Talking about death is hard enough, and harder to explain to a child. Talking about a COVID-19 death is especially challenging. Child life specialist Rebecca Charlton from our palliative care team has helped many families and children face this tough subject.
Is there a difference for a child in the experience of losing a family member to COVID-19?
I believe there is a big difference in a COVID death for a child. Primarily, they were not allowed to visit their loved one and they weren't allowed to say goodbye. And I think that has a huge impact on the whole family.
How especially might this affect a child?
A child may not fully understand why they cannot visit their loved one. They may have seen very little symptoms in this loved one, and the next news they get is that they have died. They don't see the progression of that disease so it's very difficult for them to follow that.
How do you prepare young children and families for the death of a loved one, or explain it to them?
I first ask the child or the family member what they think is happening with their loved one, and if there is any information that is false I might clarify that for them. Often, I will draw a body and zone in on the particular part of the body that is being affected. If that's the heart, just say because the heart's not working it can affect the whole body. Basically the best way to explain death to a child is to say, "Your grandfather's body stopped working."
What are some of the ways you help them understand?
There is a booklet I made specifically for children that had lost a loved one to COVID and in that booklet they get to draw a picture. Oftentimes, children may draw or write their feelings instead of verbally saying them. So that's a good exercise for them to get those feelings out. I also ask them to remember memories of their loved one. I'll ask them, for example, what did your grandpa like to do? Tell me a funny story about your grandpa, etc.
Isn’t talking about death scary for a child?
Sometimes I will see if the child has experienced a death of a pet and so I can relate that for them when I try to address those scary feelings. I tell them it's okay to have whatever feeling you have. You could be scared, you could be sad, you could even be angry or mad. And that's okay and those feelings may change over the next couple of days. Children grieve in more spurts than adults do.
How is the grieving process different for a child?
Children will grieve with the immediate news of the death of a loved one and they may cry or be sad and then they will want to go play. After they've played for awhile, they may come back to the parent and need a hug. It's like they can only bite off what they can handle of this. They may have to go back to something they know and are comfortable and enjoy, and oftentimes that's play.
Why is it important to be honest when discussing death with children?
I think that the wording that people use with children, often they skirt around the issue. They need to say death or died because there are a lot of euphemisms that people will use. "Oh they're just sleeping" or "They've gone to a better place." And children may be afraid of sleeping after hearing that or they may question, well if he's in a better place, can I go visit? So those can be very difficult for the child to understand exactly what the adult is saying.

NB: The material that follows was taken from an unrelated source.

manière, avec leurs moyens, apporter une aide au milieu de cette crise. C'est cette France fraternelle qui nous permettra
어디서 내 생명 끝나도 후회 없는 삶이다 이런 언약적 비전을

Can children handle this seemingly blunt language?
They are able to process this real language. They often are attuned to something going on because they see their relatives crying and upset and they need to hear the truth. If they don't understand what death means, then I go back to (saying) your body stops working, and that's when a person dies. It also can be geared towards their spiritual views as well.
What are some ways you help children put this into perspective?
Helping children grieve is thinking back on happy memories that they've had with their loved one. Tell me something fun that you did with your grandpa, you know that your grandpa went to your concerts at school or your basketball games and he was there. And I'll kind of have a sense of gratitude that they had time with this loved one, and that's something that's never going to be taken away from them.
How does focusing on happy memories help the child?
I think this perspective helps them in the long run to realize that they're going to miss their loved one and it's going to be weird for them to not have that person around, but to look back on the fun times they did have and to have that sense of gratitude.
What are some resources in the community to help children cope with the loss of a loved one?
It may take awhile for them to go through the process and they may need some help with that. I often tell parents to check with their school counselors and see if there are available services through that. San Antonio has the Children's Bereavement Center of South Texas, and we also have an organization called Any Baby Can for families who have lost an infant.